Выбрать главу

Приходит Киса, за ней — Чижов. Он ревнует Кису к мастеру, с которым та о чем-то шепчется. Чижову начинает казаться, что он где-то видел этого человека. А Киса шепчется с мастером отнюдь не о прическе. Это встреча шпионки с начальником разведывательной группы. Передаются сведения о ночной операции катера «Орленок». Артистка Болдырева перевоплощается: Киса из лукавой и кокетливой чаровницы превращается в холодного, расчетливого врага. Чижова озаряет воспоминание: он видел этого типа в Гамбурге, когда перед войной служил ресторатором на пароходной линии Ленинград — Гамбург. Значит, парикмахер — фашист. Чижова охватывает ужас. Ему уже не до ухаживаний. Что делать?

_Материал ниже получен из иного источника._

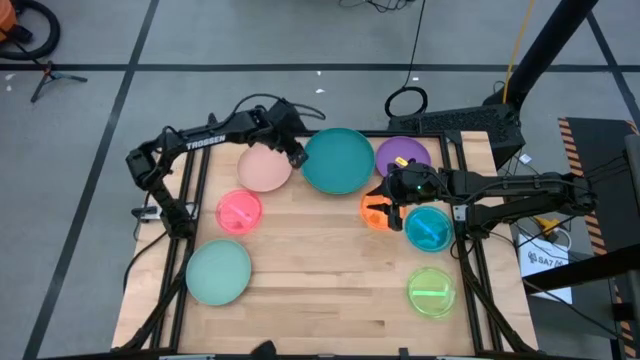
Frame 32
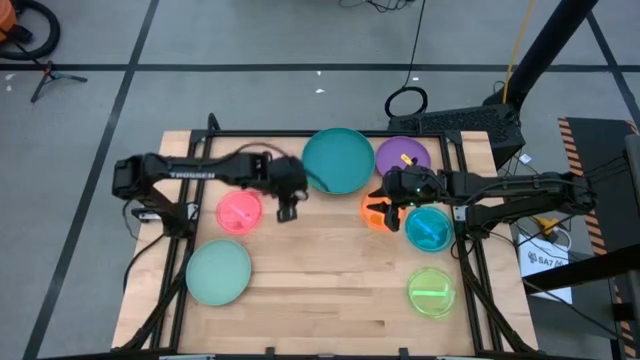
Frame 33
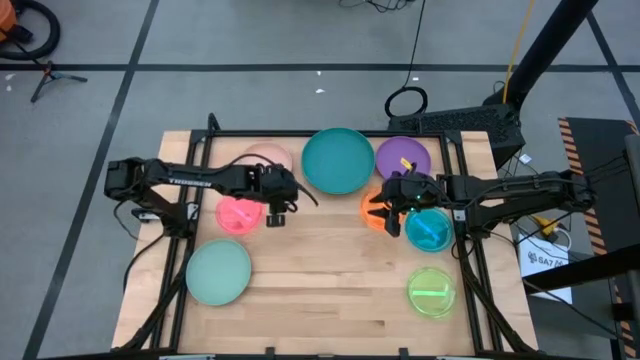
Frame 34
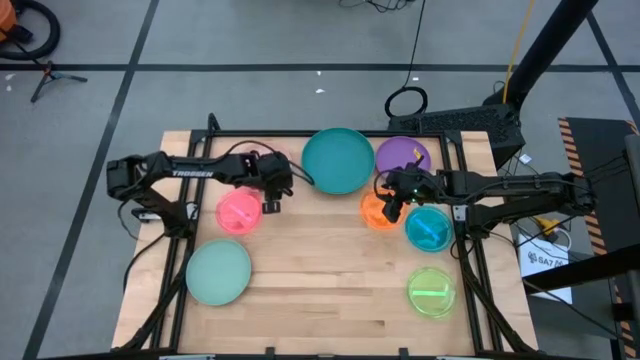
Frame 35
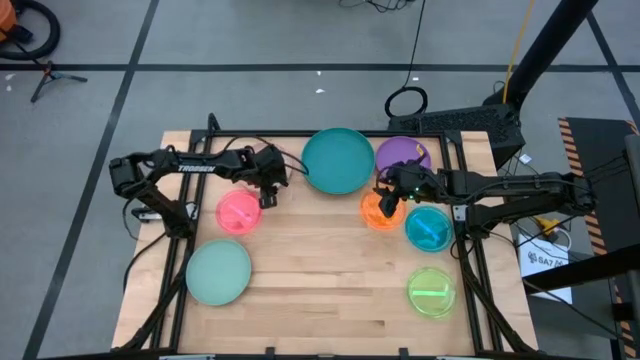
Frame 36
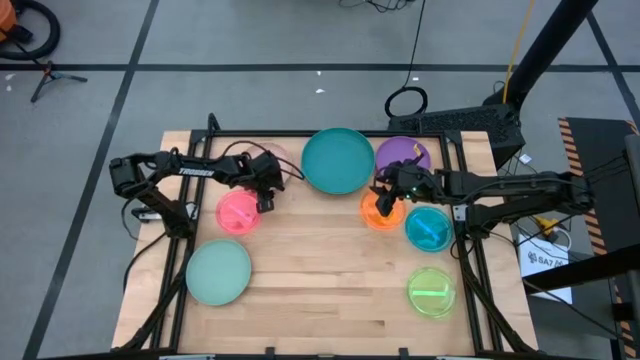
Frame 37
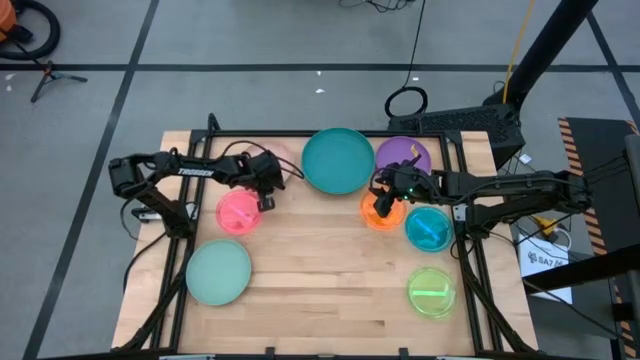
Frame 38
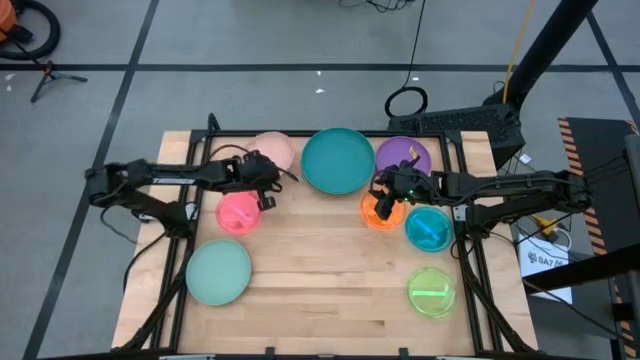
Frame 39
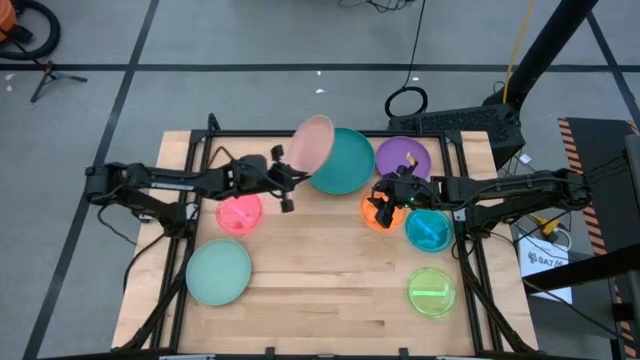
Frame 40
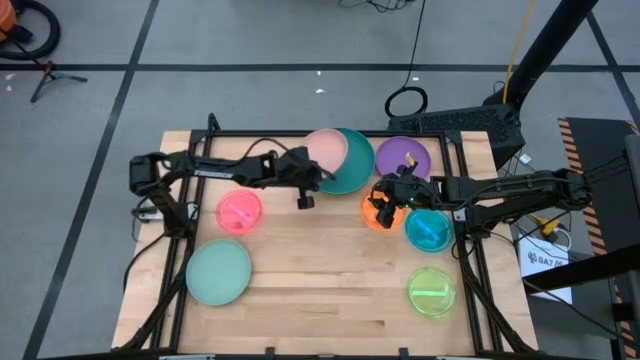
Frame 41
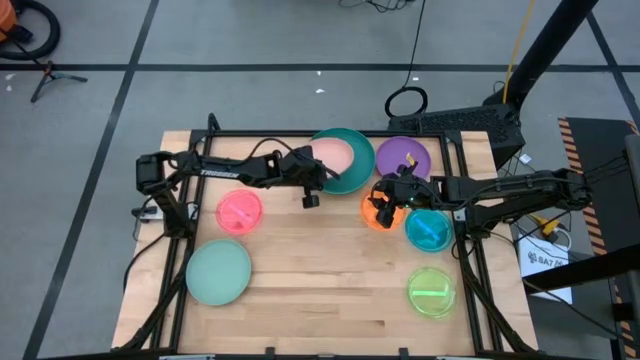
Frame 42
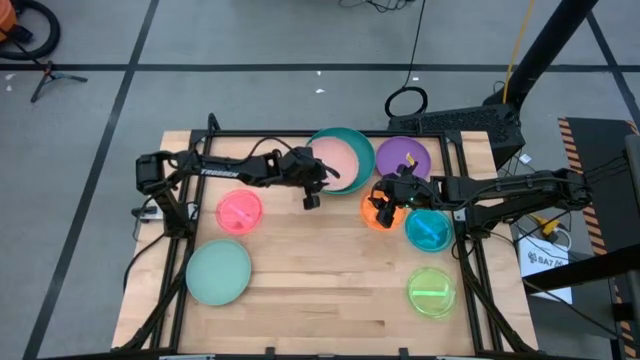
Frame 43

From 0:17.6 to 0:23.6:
Stack the light pink plate on the dark blue plate

…А катер «Орленок» подошел к заданной точке Финского залива. Елена прощается с лейтенантом Кедровым — между молодыми людьми возникли лирические отношения. Может быть, им суждено сразу оборваться?.. Прыжок. Разведчица исчезает в волнах.

Квартира немецкой разведки. На стене — портрет Гитлера и фашистский флаг со свастикой. Офицеры ждут из Ленинграда агента под шифрованным номером «06». Появляется Елена. Ее встречают галантно, предлагают стакан вина. Елена поднимает бокал и поет вызывающую песню разведчицы, слова которой имеют второй план — непонятный фашистам и очевидный для зрителей:

На лице моем — черная маска, Пусть в засадах враги сторожат, Где с дороги свернет даже смелый с опаской — Я, девчонка, иду не дрожа… И одна лишь звезда надо мною Там сияет всю ночь в вышине. Я вам тайны своей ни за что не открою, Но свою вы расскажете мне!

После многочисленных арий прекрасных покорительниц мужских сердец Лидия Колесникова пела песню разведчицы, созвучную событиям времени и принадлежащую девушке-ленинградке, каких сотни сидели в зрительном зале. Сейчас эти девушки слушали любимую артистку затаив дыхание, позабыв даже о приготовленных для нее цветах.

Смелая разведчица получает интересующие ее документы. Но в этот момент приходит донесение, переданное Кисой парикмахеру. Елена разоблачена. И тогда девушка бросает в лицо фашистам слова ненависти и презрения.

Колесникова еще на репетиции тревожилась, как произнести монолог своей героини. Артистка вспоминала, как играл этот эпизод пьесы Всеволод Вишневский во время генеральной читки. Тогда многие плакали. Помнила артистка и записку Вишневского, присланную перед самой премьерой: «Сцена в гестапо — одна из сильнейших сцен в спектакле. Ввиду того, что советское правительство требует международного суда над Гитлером, необходимо обыграть портрет Гитлера. Поймите эту политическую сторону спектакля. Елена должна срывать портрет и флаг, вызывая конкретную политическую реакцию зрительного зала. Советская девушка, указывая на портрет Гитлера и мужественно говоря, что попадет и этому, делает нужное сценическое и политическое дело».

Современному читателю слова драматурга, да и сам эпизод пьесы могут показаться немного наивными. Не забудем, однако, что речь идет об оперетте. Драматурги учитывали ее законы. Свои дополнительные законы диктовало время. Воображение зрителей, воочию видевших ужасы войны и блокады, требовало от искусства прямых и простых решений. Людям хотелось видеть, как будет сорван со стены портрет ненавистного, оголтелого выродка. И авторы пьесы чувствовали это. Тем важнее было сочетать политическое звучание спектакля с его эмоциональным воздействием. Поэтому монолог Елены становился одним из центральных звеньев постановки.

Артистка решила отказаться от привычных в старых спектаклях эффектных поз, по-опереточному звонких интонаций. Она говорила сейчас от сердца русской девушки, готовой ради счастья родины пойти на смерть:

— Куда бы вы ни крались, ни кинулись, — всюду Россия… Россия стала родной, дорогой всем людям, всем, у кого сердце в груди, живая душа… Когда думают о борьбе, о крахе и смерти Гитлера, говорят Россия!

В одном из кресел затемненного партера сидел старший лейтенант артиллерист Нестеров. Он еще раньше читал отрывки из пьесы «Раскинулось море широко» в газете, а сегодня случайно попал на премьеру. Вечером, вернувшись в свою часть, он напишет артистке: «Я совершенно не знаю Вас, но никогда не забуду образ ленинградской девушки Елены, созданный Вами. Образ, который я представил себе тогда, темной ночью, в землянке переднего края, — этот образ я увидел на сцене. Его, мой образ, создали Вы, как будто подслушав меня. Спасибо Вам за Вашу прекрасную игру, захватывающую, заставляющую забыть разницу между сценой и жизнью. Спасибо за Елену».